What carries the argument
Agentic AI framework using autonomous LLM-based agents with tools for orchestrating vulnerability injection, evaluation, ranking, and outcome generation.
Load-bearing premise
That the vulnerabilities added by the language model behave like genuine flaws students would encounter, without any unnatural features affecting learning or perception.
What would settle it
Running a study where one group uses the LLM-personalized code examples and another uses generic ones, then testing both groups on their ability to spot and fix security problems in new code to see if the personalized group performs better.
Figures
read the original abstract
According to constructivist theory, students learn software security more effectively when examples are grounded in their own code. Generic examples often fail to connect with students' prior work, limiting engagement and understanding. Advances in LLMs are now making it possible to automatically generate personalized examples by embedding security vulnerabilities directly into student-authored code. This paper introduces a method that uses LLMs to inject instances of specific Common Weakness Enumerations (CWEs) into students' own assignment code, creating individualized instructional materials. We present an agentic AI framework, using autonomous LLM-based agents equipped with task-specific tools to orchestrate injection, evaluation, ranking, and learning outcome generation. We report the experience of deploying this system in two undergraduate computer science courses (N=71), where students reviewed code samples containing LLM-injected vulnerabilities and completed a post-project survey. We compared responses with a baseline using a widely adopted set of generic security instructional materials. Students qualitatively reported finding CWE injections into their own code more relevant, clearer, and more engaging than the textbook-style examples. However, our quantitative findings revealed limited statistically significant differences, suggesting that while students valued the personalization, further studies and refinement of the approach are needed to establish stronger empirical support.
Editorial analysis
A structured set of objections, weighed in public.
Referee Report
Summary. The manuscript introduces an agentic LLM-based framework to automatically inject specific Common Weakness Enumerations (CWEs) into student-authored code, generating personalized security vulnerability examples grounded in constructivist learning theory. The system was deployed in two undergraduate computer science courses (N=71 students total), where participants reviewed the LLM-injected samples and completed post-project surveys comparing them to a baseline of generic textbook-style security materials.

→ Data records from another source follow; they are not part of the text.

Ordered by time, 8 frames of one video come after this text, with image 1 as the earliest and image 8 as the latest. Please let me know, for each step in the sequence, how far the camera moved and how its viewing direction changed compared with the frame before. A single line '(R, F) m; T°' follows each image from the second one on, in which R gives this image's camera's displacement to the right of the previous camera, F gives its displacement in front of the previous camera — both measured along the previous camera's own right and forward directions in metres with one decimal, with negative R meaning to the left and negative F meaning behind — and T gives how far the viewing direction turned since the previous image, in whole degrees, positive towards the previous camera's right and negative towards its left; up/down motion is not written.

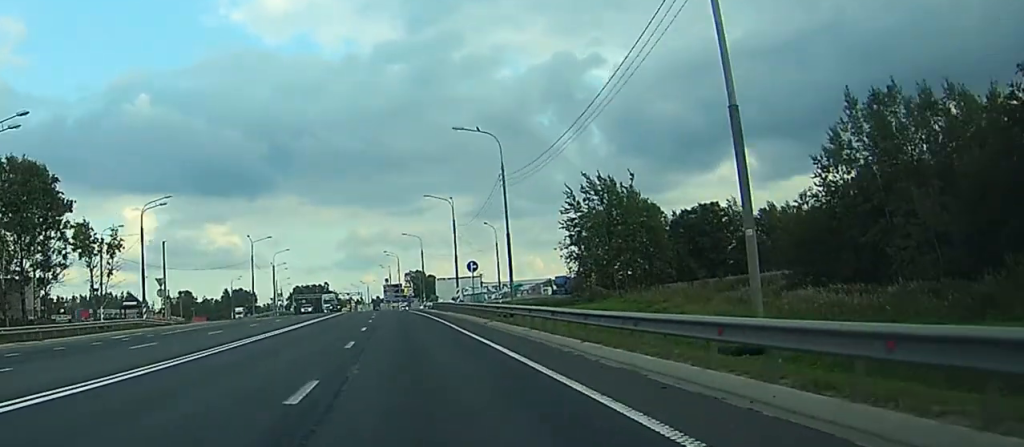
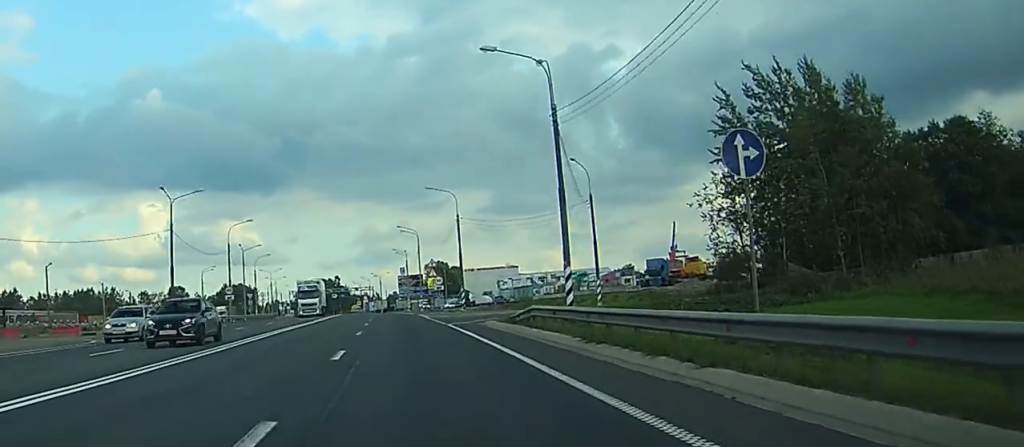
(-0.4, +51.9) m; -1°
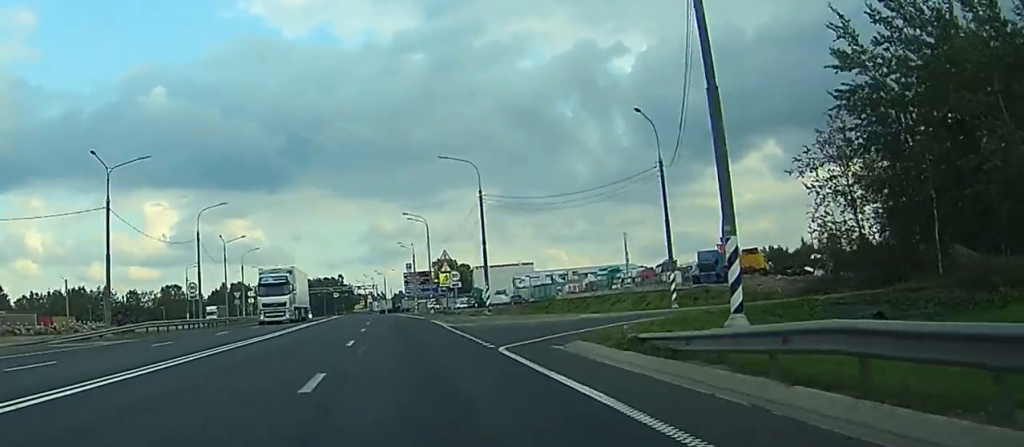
(-0.1, +18.0) m; 0°
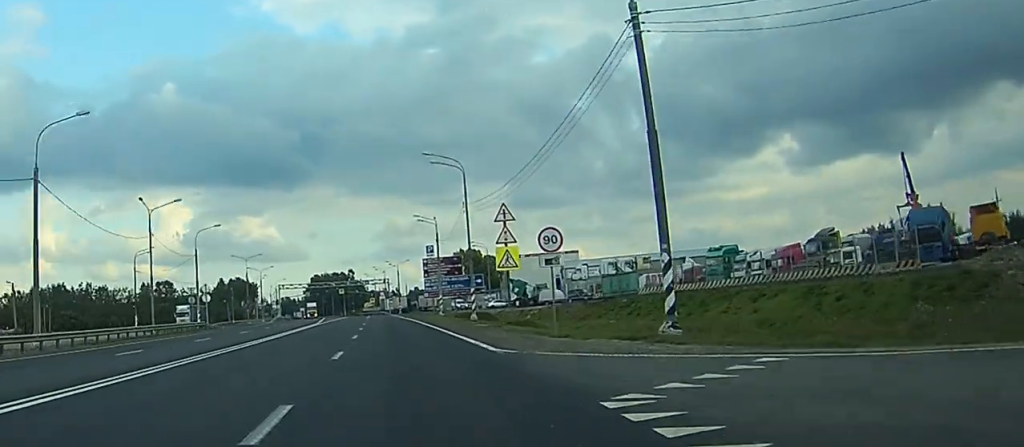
(0.0, +40.2) m; 0°
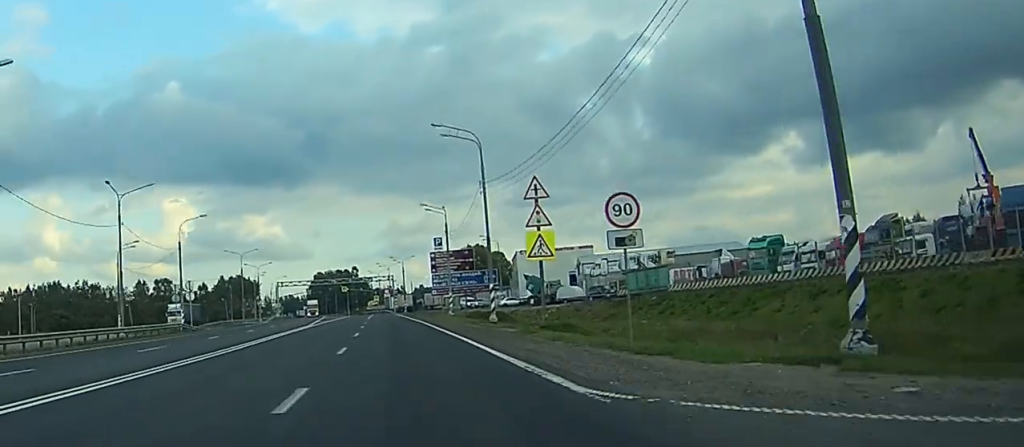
(+0.3, +9.4) m; 0°
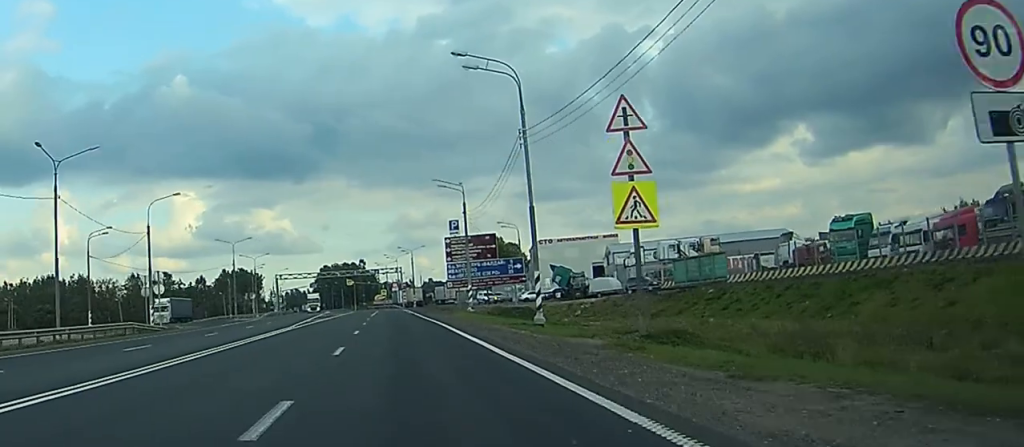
(-0.2, +13.7) m; -1°
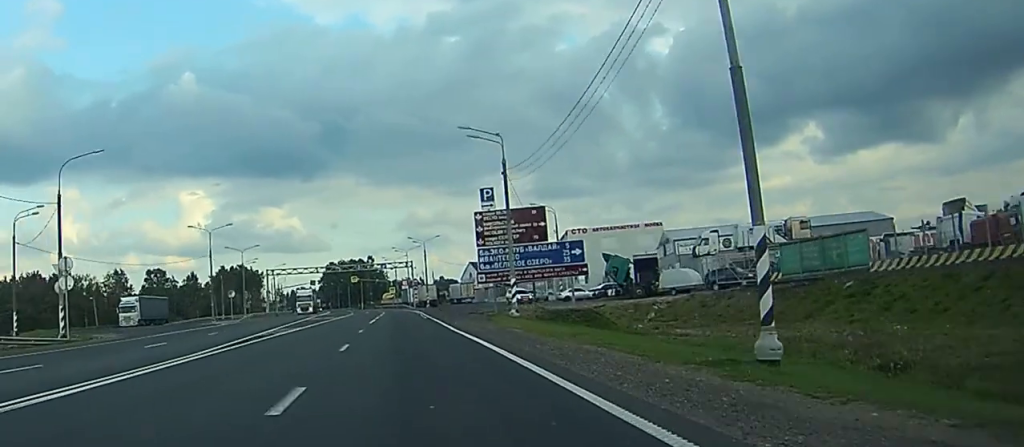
(-0.5, +21.6) m; -1°
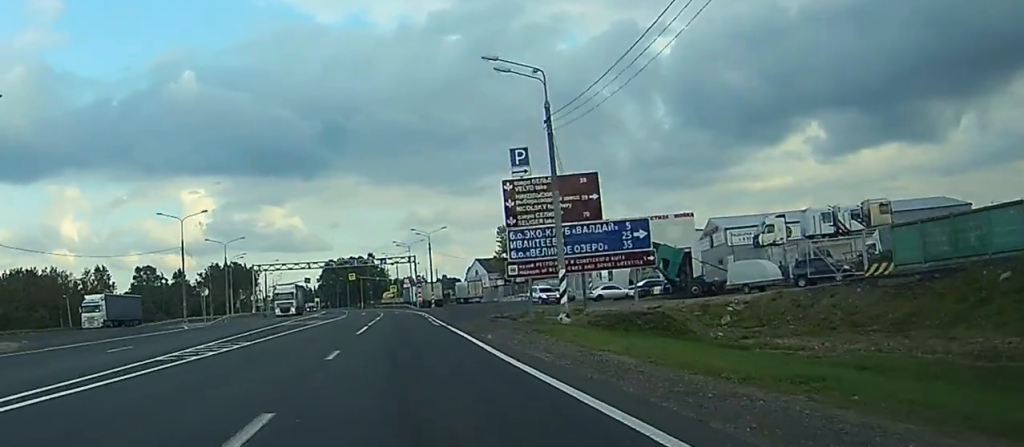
(+0.1, +14.4) m; +1°

Qualitative survey responses indicated that students found the personalized injections more relevant, clearer, and engaging than generic examples, while quantitative analysis revealed only limited statistically significant differences, leading the authors to recommend further studies and refinements.

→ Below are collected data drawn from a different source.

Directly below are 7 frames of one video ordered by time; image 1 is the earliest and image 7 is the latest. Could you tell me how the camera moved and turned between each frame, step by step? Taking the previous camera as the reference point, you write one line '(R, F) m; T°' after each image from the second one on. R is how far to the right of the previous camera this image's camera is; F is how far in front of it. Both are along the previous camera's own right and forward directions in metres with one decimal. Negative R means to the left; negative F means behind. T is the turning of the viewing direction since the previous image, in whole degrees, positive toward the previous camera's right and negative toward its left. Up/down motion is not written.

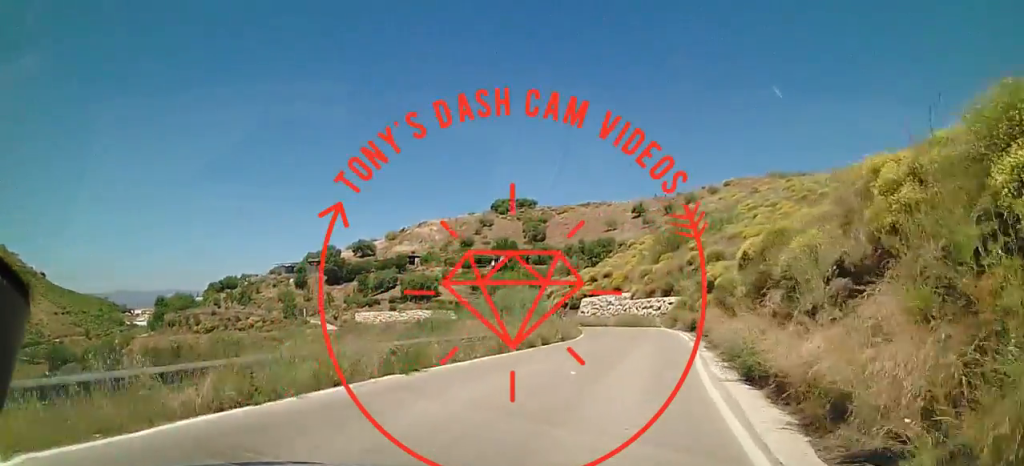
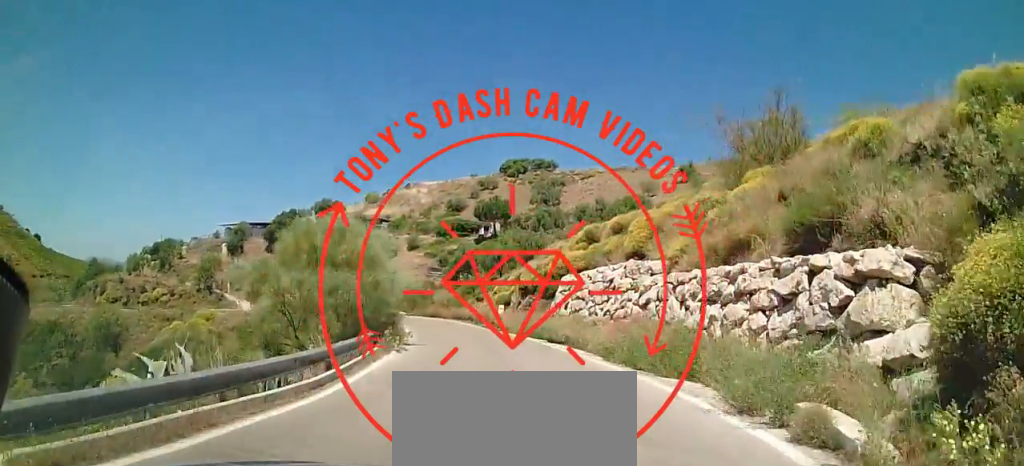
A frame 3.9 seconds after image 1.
(+1.3, +39.3) m; -11°
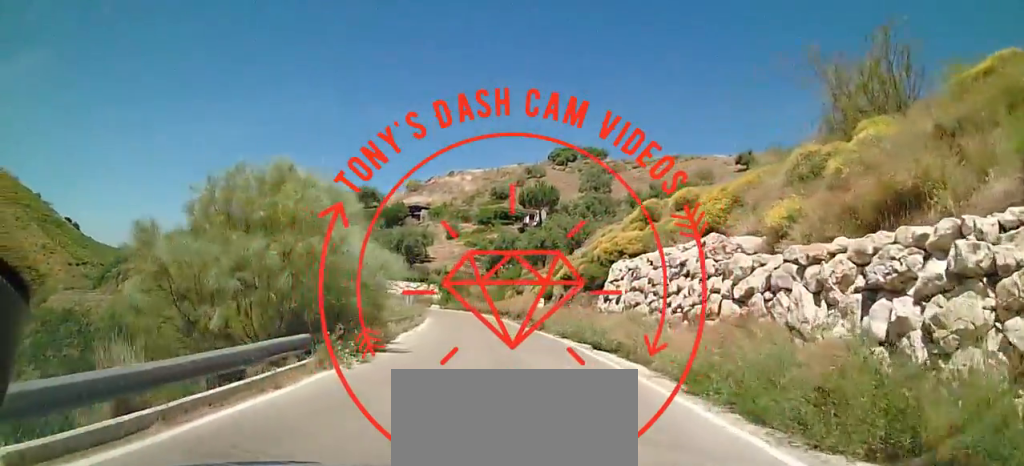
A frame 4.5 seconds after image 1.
(-0.7, +6.7) m; -6°
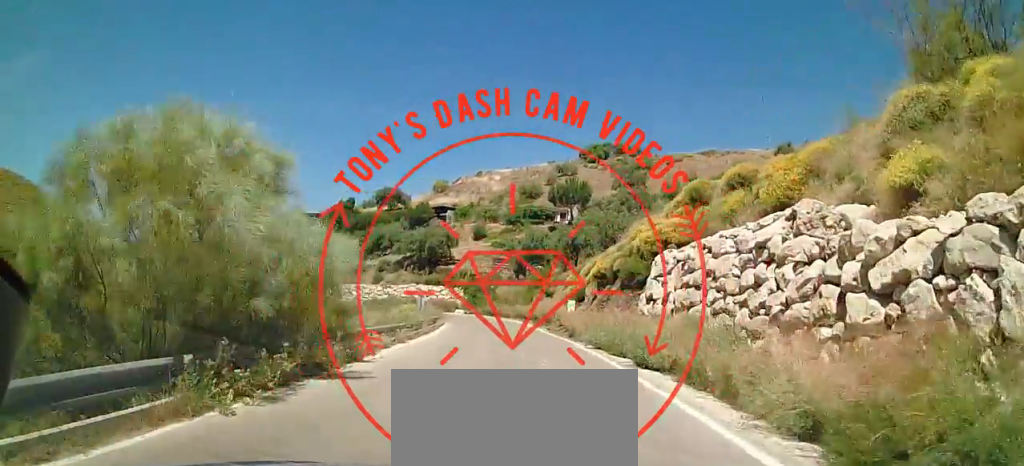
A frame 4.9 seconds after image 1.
(-0.3, +4.7) m; -4°
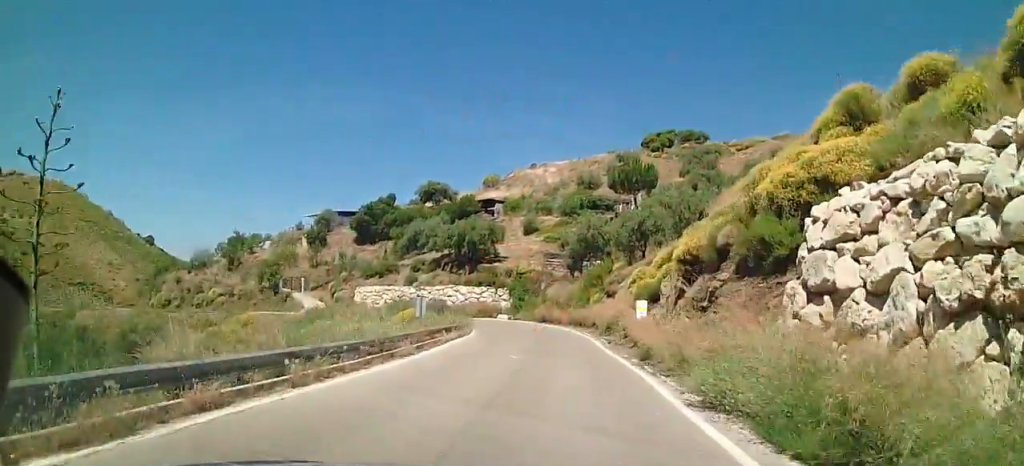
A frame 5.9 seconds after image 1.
(-0.2, +10.4) m; -1°
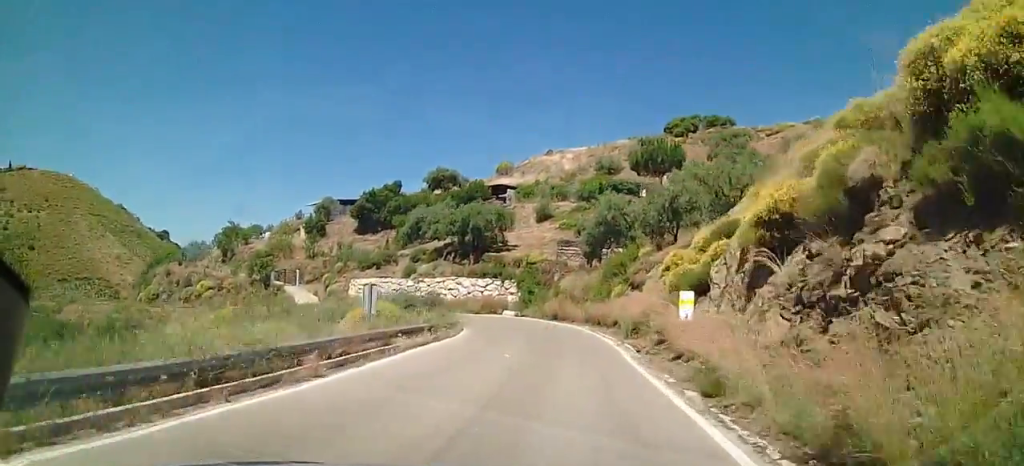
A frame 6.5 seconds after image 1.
(0.0, +6.9) m; 0°
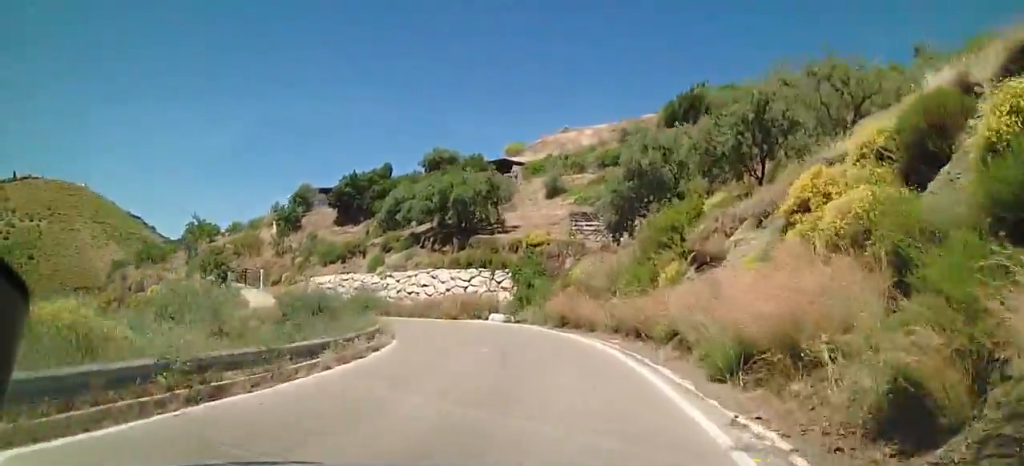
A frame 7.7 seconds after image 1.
(0.0, +14.3) m; 0°

Significance. If the injected vulnerabilities can be validated as realistic without systematic artifacts, the approach offers a promising way to improve engagement in secure programming education by connecting examples directly to students' own code. The real-world deployment across two courses and direct comparison to an established baseline constitute a practical strength, providing initial evidence of student preference for personalization. However, the current evidence rests primarily on self-reported perceptions rather than objective measures of learning gains, which tempers the immediate impact on the field.
major comments (2)
- [Abstract and Evaluation] The central qualitative claim (students found CWE injections into their own code more relevant, clearer, and engaging) is load-bearing for the paper's contribution, yet the manuscript provides no description of post-injection validation steps such as expert review for realism, checks for compilability, or comparison of injected flaws to naturally occurring CWEs in student code. Without this, the reported preferences could reflect novelty or artificial clarity rather than authentic educational value, directly undermining the constructivist grounding asserted in the abstract.
- [Abstract] The abstract states that learning outcomes were assessed via post-project opinion surveys and that quantitative differences were limited, but provides no details on how outcomes were operationalized (e.g., exact survey items, response scales, statistical tests, or effect sizes). This absence weakens the ability to interpret the 'limited statistically significant differences' finding and the call for further studies.
minor comments (2)
- [Method] The description of the agentic framework (orchestrating injection, evaluation, ranking, and learning outcome generation) would benefit from a high-level diagram or pseudocode to clarify the tool-using agent interactions and decision points.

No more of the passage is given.